*** Begin section ***

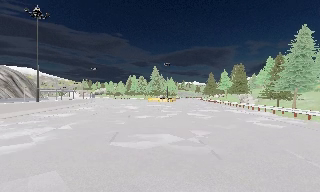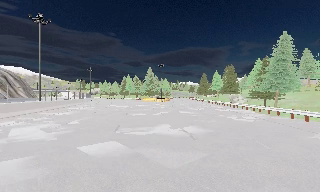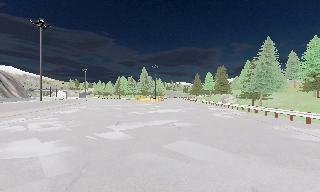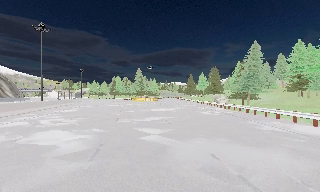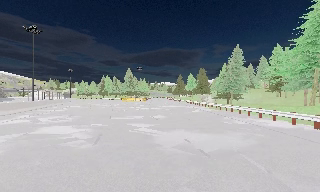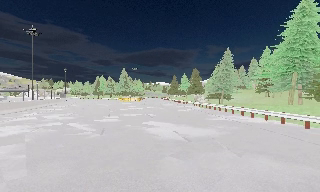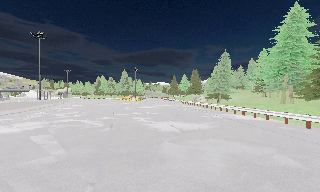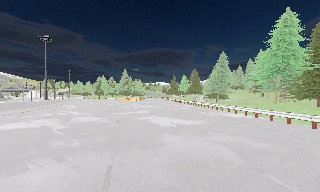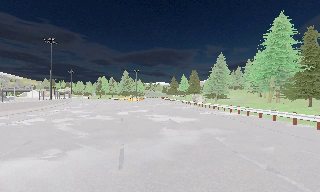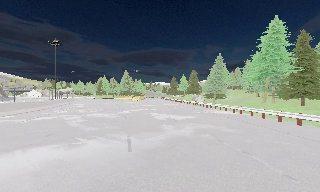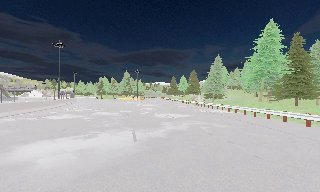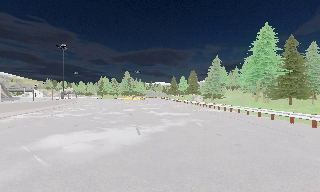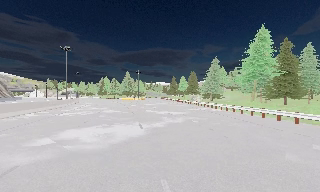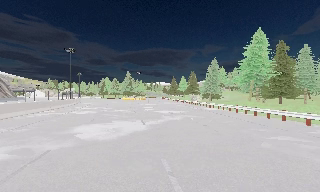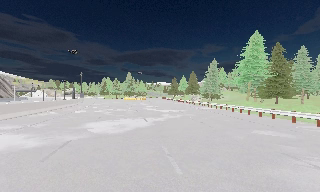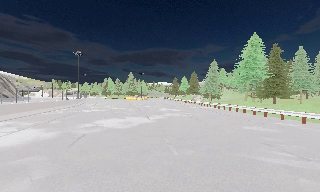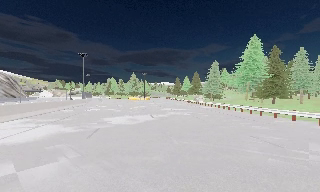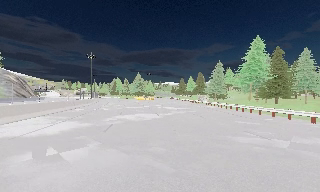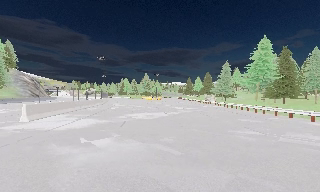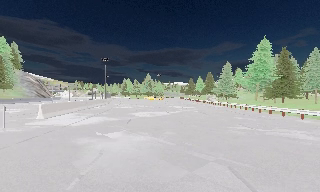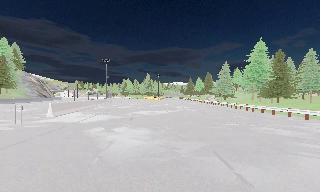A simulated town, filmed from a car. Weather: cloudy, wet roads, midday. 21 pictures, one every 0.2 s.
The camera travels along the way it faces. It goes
backward.
0.0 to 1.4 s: The camera pans to its right, which is clockwise from overhead, by about 10 degrees. It travels backward, about 12 m, so what stands in front gets smaller.
1.4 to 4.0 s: The camera travels backward, about 15 m, so what stands in front gets smaller.
The film runs backward here.
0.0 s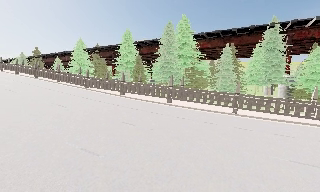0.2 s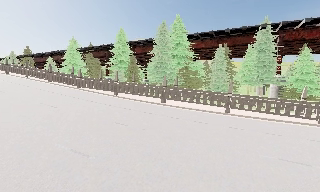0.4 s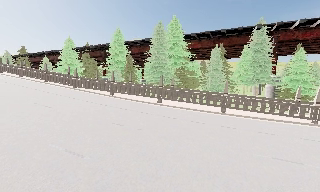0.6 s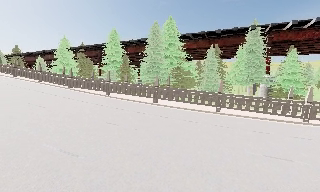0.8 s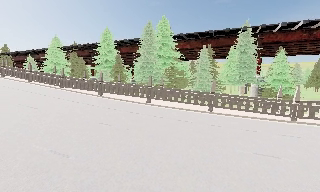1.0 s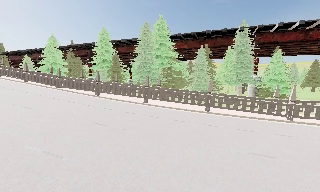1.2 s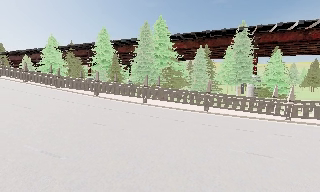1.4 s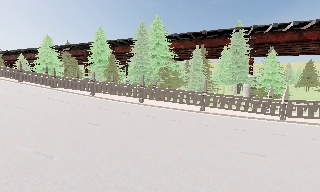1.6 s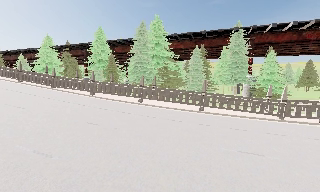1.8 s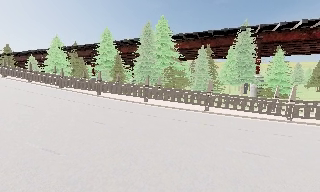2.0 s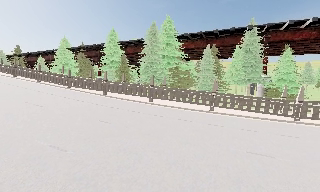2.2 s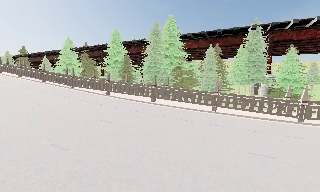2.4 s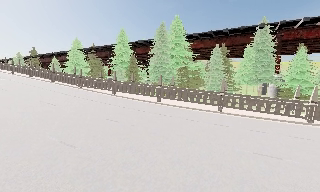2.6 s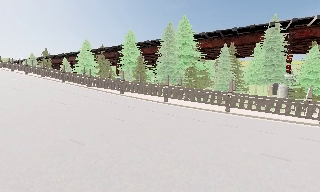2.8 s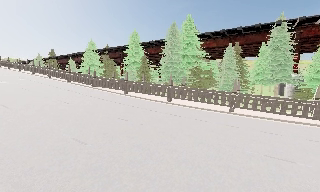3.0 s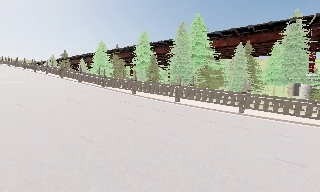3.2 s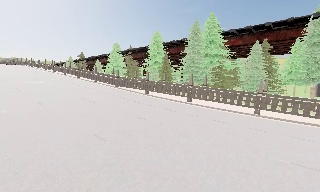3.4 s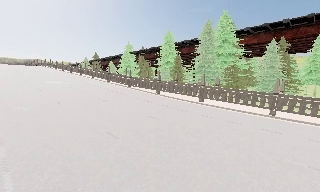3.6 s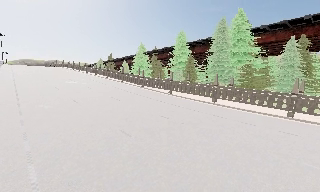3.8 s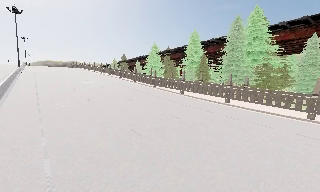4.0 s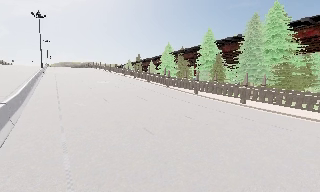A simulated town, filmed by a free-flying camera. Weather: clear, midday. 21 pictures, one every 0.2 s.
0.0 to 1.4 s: The camera travels to its right, about 0.5 m, so close, fixed things drift to the left.
1.4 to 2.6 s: The scene slides to the right, as the camera pans about 10 degrees to its left.
2.6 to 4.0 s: The camera swings to its left by about 30 degrees, and the scene slides to the right. It travels to its right, about 0.5 m.
The film runs backward here.
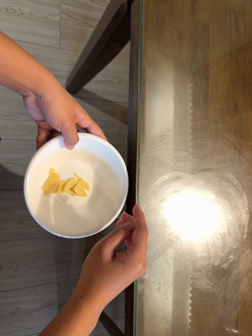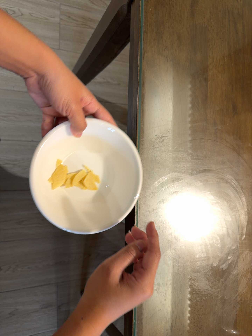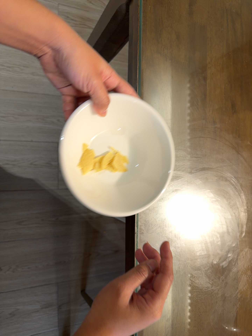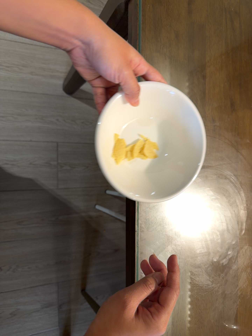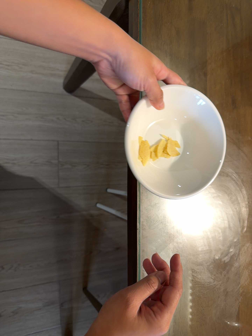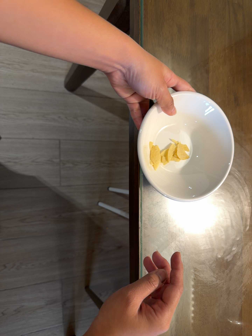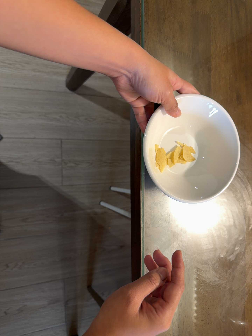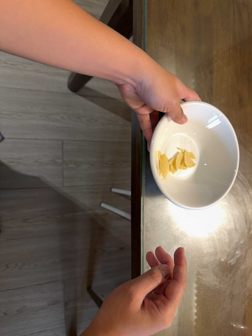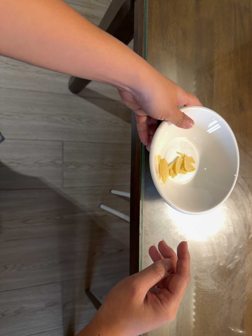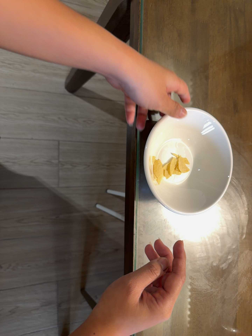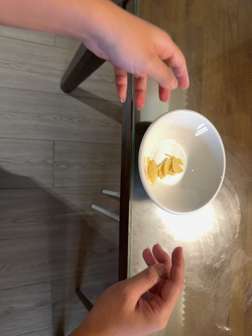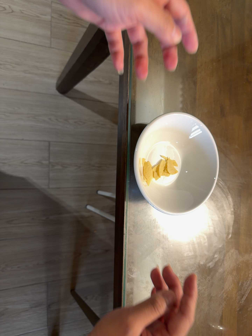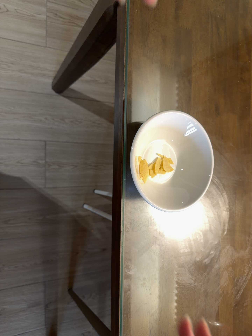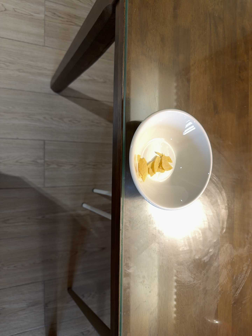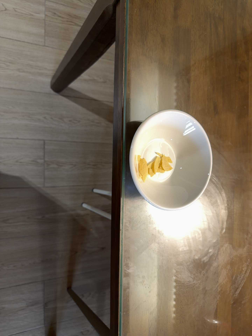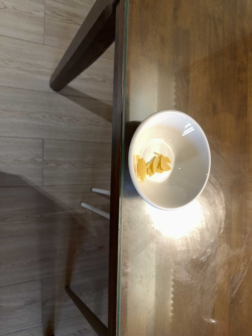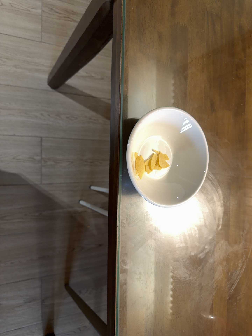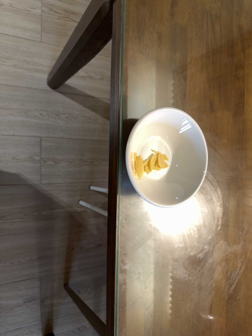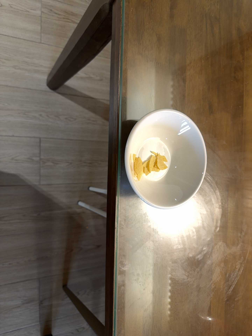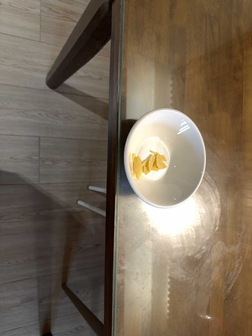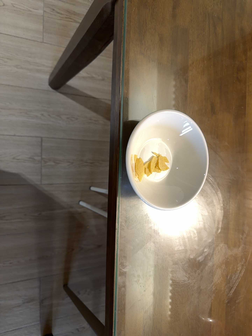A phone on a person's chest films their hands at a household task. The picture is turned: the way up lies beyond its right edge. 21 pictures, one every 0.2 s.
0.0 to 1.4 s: The camera keeps its place and its aim.
1.4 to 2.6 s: The camera shifts only a little, or ends up much as it began.
2.6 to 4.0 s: The camera keeps its place and its aim.
The film runs forward here.
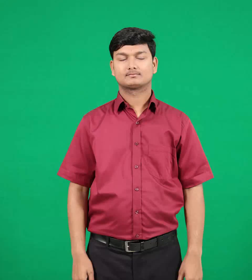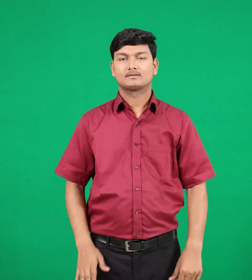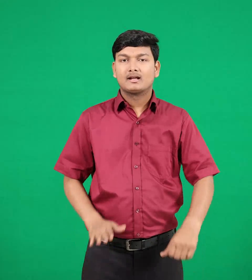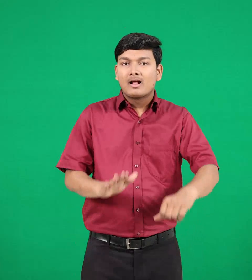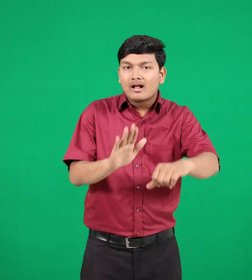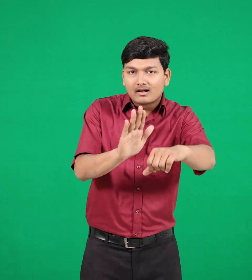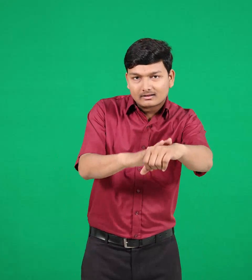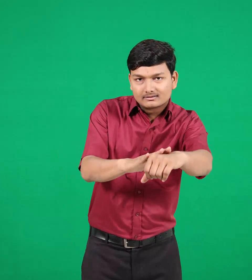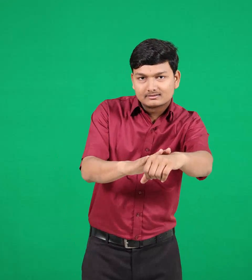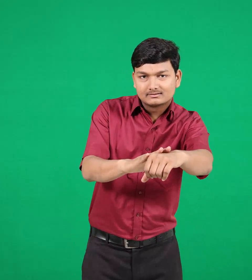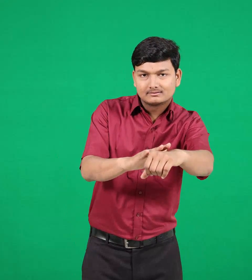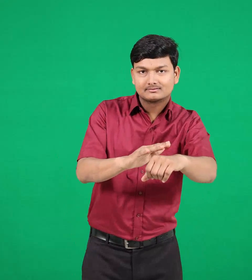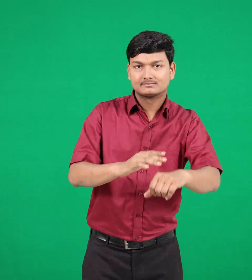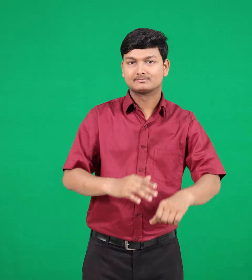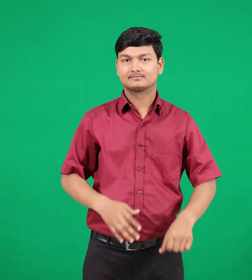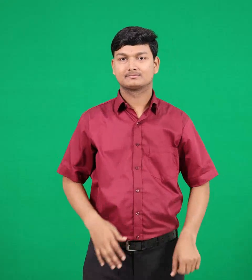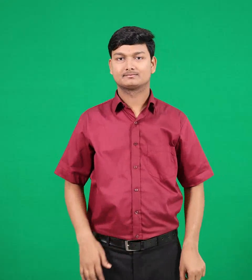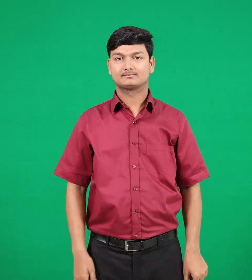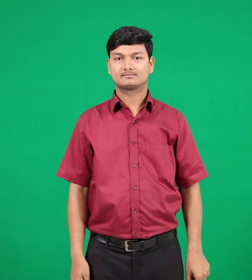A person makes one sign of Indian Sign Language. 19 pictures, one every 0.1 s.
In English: touch

*** End section ***

## Task objective
With the pictures left out, give again exactly the lines from the one that contains "A phone on a" through the final line of the data above.

## Exercise result
A phone on a person's chest films their hands at a household task. The picture is turned: the way up lies beyond its right edge. 21 pictures, one every 0.2 s.
0.0 to 1.4 s: The camera keeps its place and its aim.
1.4 to 2.6 s: The camera shifts only a little, or ends up much as it began.
2.6 to 4.0 s: The camera keeps its place and its aim.
The film runs forward here.
A person makes one sign of Indian Sign Language. 19 pictures, one every 0.1 s.
In English: touch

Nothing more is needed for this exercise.